Results: Using RAG, GPT-4-turbo's accuracy increased by 11.54% on BCSC and by 10.96% on OphthoQuestions. Importantly, the RAG pipeline greatly enhances overall performance of Llama-3 by 23.85%, Gemma-2 by 17.11%, and Mixtral-8 × 7B by 22.11%. Zero-shot-CoT had overall no significant improvement on the models' performance. Quantization using 4 bit was shown to be as effective as using 8 bits while requiring half the resources.

Conclusions: Our work demonstrates that integrating RAG significantly enhances LLM accuracy especially for smaller LLMs.

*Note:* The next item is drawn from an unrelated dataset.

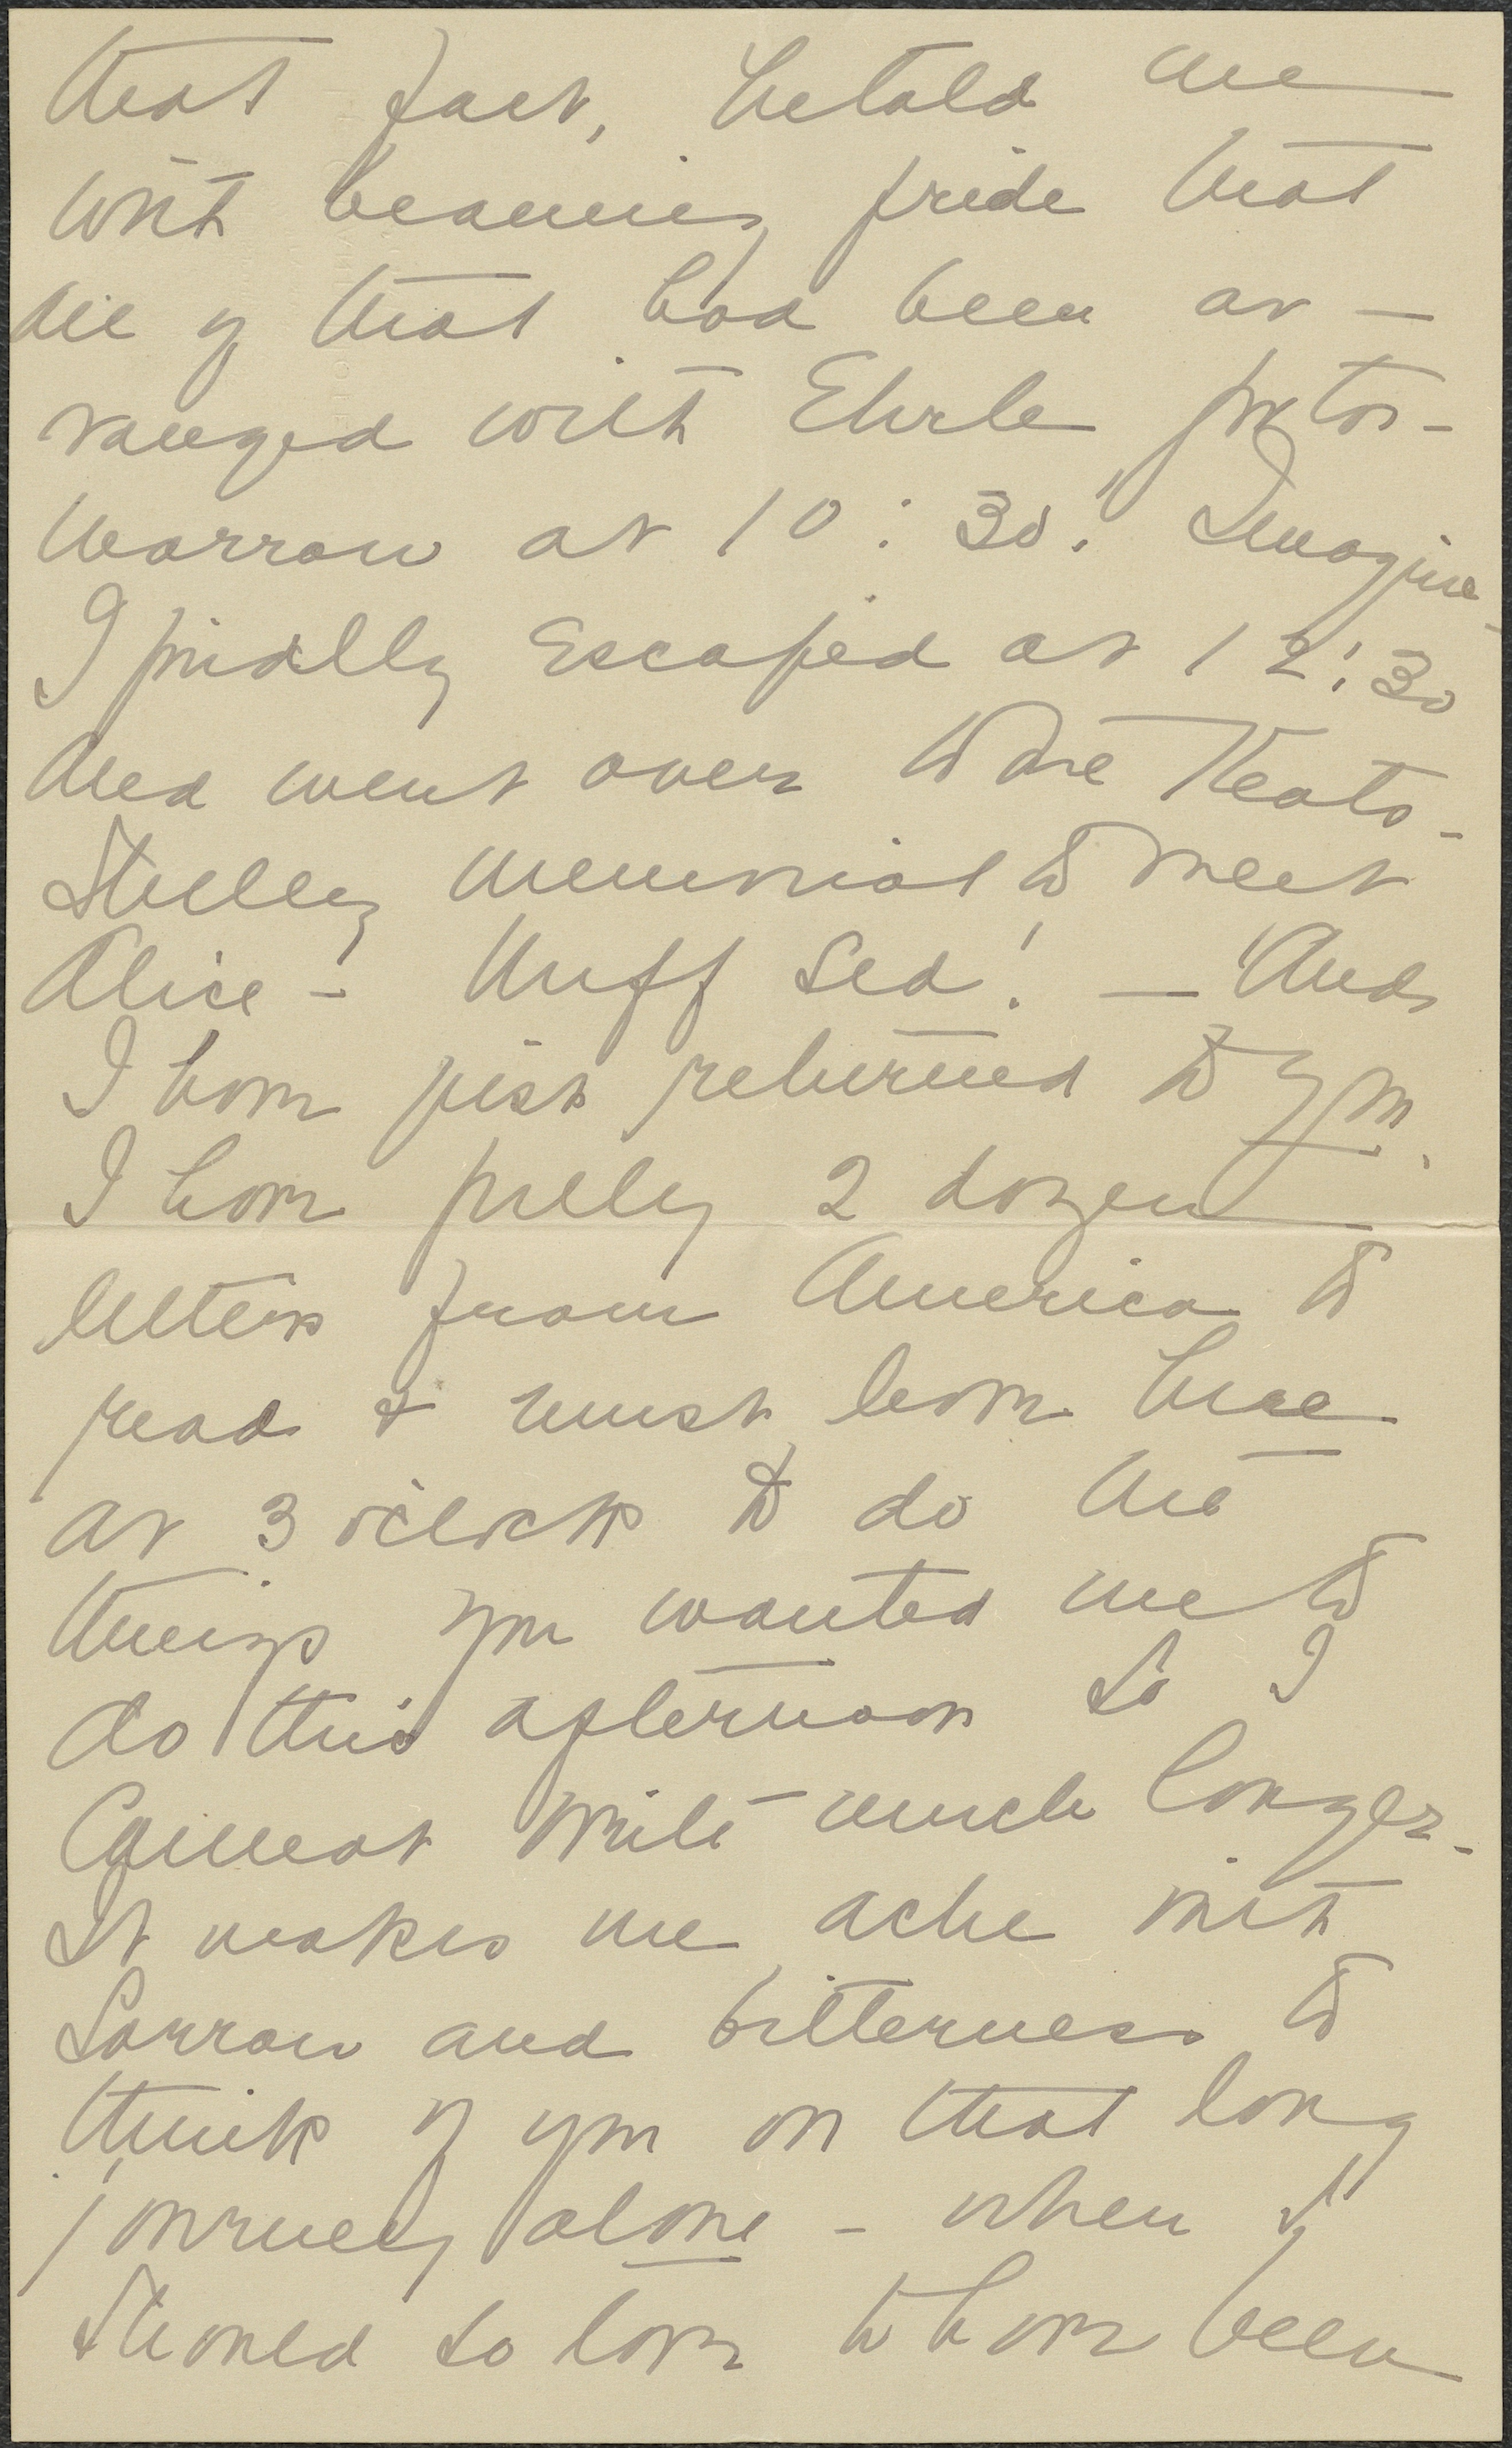that fact, he told me with beaming pride that all of that had been arranged with Ehrle for tomorrow at 10:30! Imagine – I finally escaped at 12:30 and went over to the Keats-Shelley memorial to meet Alice – Nuff sed! – And I have just returned to you. I have fully 2 dozen letters from America to read & must leave here at 3 o’clock to do the things you wanted me to do this afternoon so I cannot write much longer – It makes me ache with sorrow and bitterness to think of you on that long journey alone – when I should so love to have been

Translation relevance: Using our RAG, smaller privacy-preserving open-source LLMs can be run in sensitive and resource-constrained environments, such as within hospitals, offering a viable alternative to cloud-based LLMs like GPT-4-turbo.

Abstract Image

查看原文本刊更多论文

用检索增强生成推进眼科问答：对开源和专有大型语言模型进行基准测试。

目的：本研究的目的是评估信息检索与文本生成相结合的应用，使用检索增强生成（RAG）对开源和专有生成大语言模型（llm）在眼科问答中的性能进行基准测试。方法：我们的数据集包括260个选择题，这些选择题来自两个旨在评估眼科知识的问答库：美国眼科学会（AAO）基础与临床科学课程（BCSC）自我评估程序和眼科问题。我们的RAG管道使用ChromaDB检索BCSC配套教科书中的文档，然后使用coherence重新排序以优化提供给法学硕士的上下文。生成式预训练变压器(GPT)-4-turbo和3个开源模型（Llama-3-70B， Gemma-2-27B和Mixtral-8 × 7B）使用零射击，零射击与思维链（zero-shot- cot）和RAG进行基准测试。使用两个数据集上的精度来评估模型性能。采用量化来提高开源模型的效率。量化水平的影响也被测量。结果：使用RAG后，GPT-4-turbo在BCSC和OphthoQuestions上的准确率分别提高了11.54%和10.96%。重要的是，RAG管道大大提高了Llama-3、Gemma-2和Mixtral-8 × 7B的整体性能，分别提高了23.85%、17.11%和22.11%。Zero-shot-CoT总体上对模型的性能没有显著改善。使用4位的量化被证明与使用8位的量化一样有效，而只需要一半的资源。结论：我们的工作表明，集成RAG显著提高了LLM的准确性，特别是对于较小的LLM。翻译相关性：使用我们的RAG，小型保护隐私的开源llm可以在敏感和资源受限的环境中运行，例如在医院内，为GPT-4-turbo等基于云的llm提供了可行的替代方案。

本文章由计算机程序翻译，如有差异，请以英文原文为准。

求助全文

约1分钟内获得全文求助全文

来源期刊

Translational Vision Science & Technology Engineering-Biomedical Engineering

CiteScore

5.70

自引率

3.30%

发文量

346

审稿时长

25 weeks

期刊介绍： Translational Vision Science & Technology (TVST), an official journal of the Association for Research in Vision and Ophthalmology (ARVO), an international organization whose purpose is to advance research worldwide into understanding the visual system and preventing, treating and curing its disorders, is an online, open access, peer-reviewed journal emphasizing multidisciplinary research that bridges the gap between basic research and clinical care. A highly qualified and diverse group of Associate Editors and Editorial Board Members is led by Editor-in-Chief Marco Zarbin, MD, PhD, FARVO. The journal covers a broad spectrum of work, including but not limited to: Applications of stem cell technology for regenerative medicine, Development of new animal models of human diseases, Tissue bioengineering, Chemical engineering to improve virus-based gene delivery, Nanotechnology for drug delivery, Design and synthesis of artificial extracellular matrices, Development of a true microsurgical operating environment, Refining data analysis algorithms to improve in vivo imaging technology, Results of Phase 1 clinical trials, Reverse translational ("bedside to bench") research. TVST seeks manuscripts from scientists and clinicians with diverse backgrounds ranging from basic chemistry to ophthalmic surgery that will advance or change the way we understand and/or treat vision-threatening diseases. TVST encourages the use of color, multimedia, hyperlinks, program code and other digital enhancements.